How to Create the Perfect Cheese Platter

If there is one thing that I always have at every gathering it’s a delicious, rich, cheese platter.  I am not talking about the mixed cheese cubes you buy at the grocery, heavens no! For a couple of bucks more I like to wow my guests with a variety of cheeses that are gone before we get to the appetizers.

What types of cheese do I serve?  Here is the low down on the types, costs and the reasons I think you should serve a cheese platter too.

Goat Cheese: This is a simple cheese that has a rich and tangy taste with a smooth crumbly texture.  It pairs well with crackers and preserves.  My favorite way to pair goat cheese is with raspberry preserves.  You’ll find it wrapped in a 4-8oz log and it is very affordable.  Look for a pristine white color when buying your goat cheese.

Cheddar Cheese: You won’t find soft mild cheddar meant for sandwiches on my platter.  Cheddar is everyone’s favorite cheese, so why not move on up to something fancier?  A nice aged cheddar will bring plenty of flavor to your platter.  I also like an English-style cheddar but if you don’t find it you can get the Vermont aged.  Cheddar goes great with apple slices.

Blue Cheese: Embrace the funk.  The “moldy” blues might scare some people but if it wasn’t good they wouldn’t make an entire dressing to celebrate it!  Oh how I love blue cheese.  My grandmother used to cook it with so many things!  I love blue cheese paired with cherry tomatoes.  If you want something milder and sweeter try Gorgonzola cheese.

Sheep Cheese: Haven’t heard of it?

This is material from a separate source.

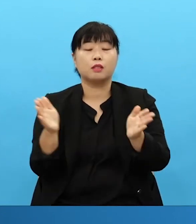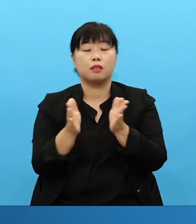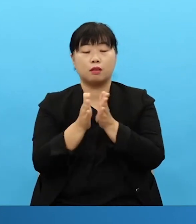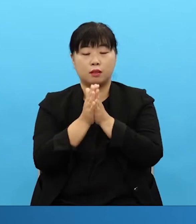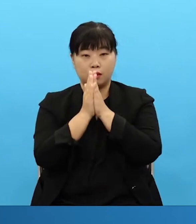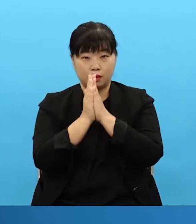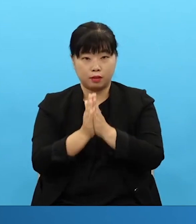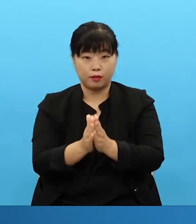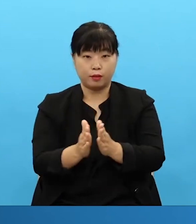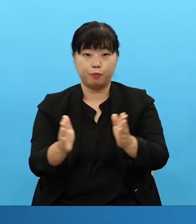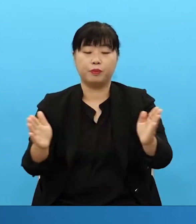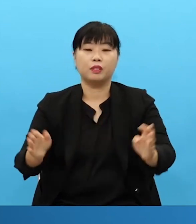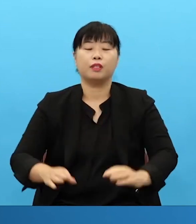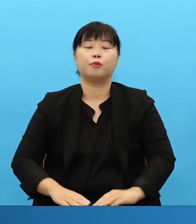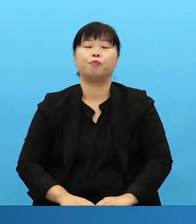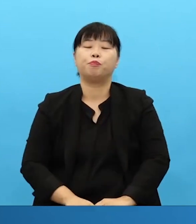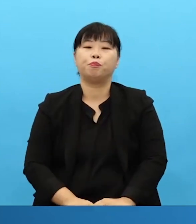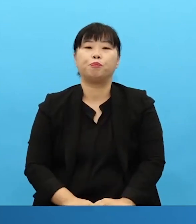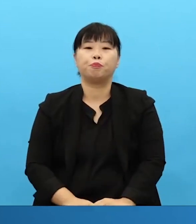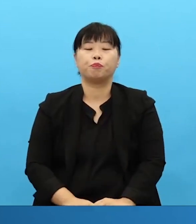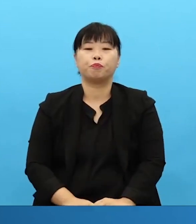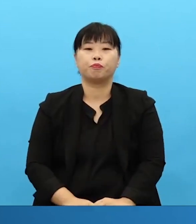연합회 수련회 3강 메시지를 주시겠습니다.
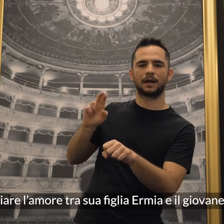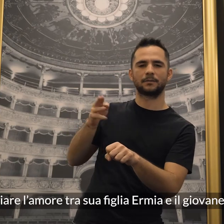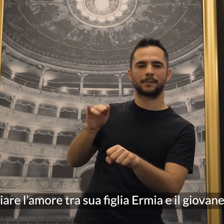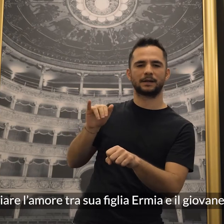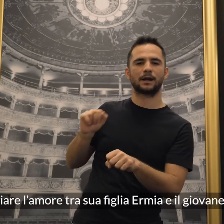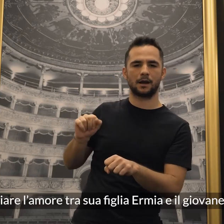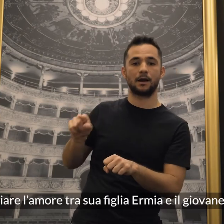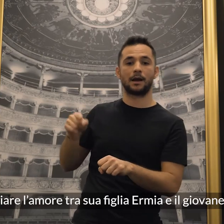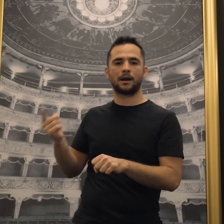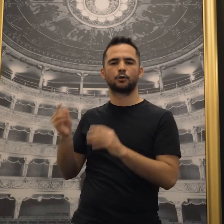Elisandro.

You are really missing out!  Being that I am from Spain I grew up with Manchego cheese on every sandwich, salad, cheese platter… Manchego everywhere!  Look for “curado” or “aged” for a stronger sharper cheese.  Aged Manchego is firm and salty while the young milder Manchego is softer and sweeter (great for grilled cheese sandwiches).

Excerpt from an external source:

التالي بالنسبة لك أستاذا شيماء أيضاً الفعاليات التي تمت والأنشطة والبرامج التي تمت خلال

Triple Creme Cheese: Say hello to my favorite cheese! Brie! This cheese is ultra rich and its triple cream cousins will melt in your mouth they are so delicious!   Triple cream usually means around 75% butterfat but the Brie comes in at a leaner 45%.  Do yourself a favor and don’t get reduced fat versions; they are rubbery and not as decadent.

How to put together a good platter?  Grab a variety of each cheese and find something to pair it with.  Not every cheese should be eaten with crackers so it’s ok to serve alongside fruit (grapes), bread, or nuts.

Enjoy!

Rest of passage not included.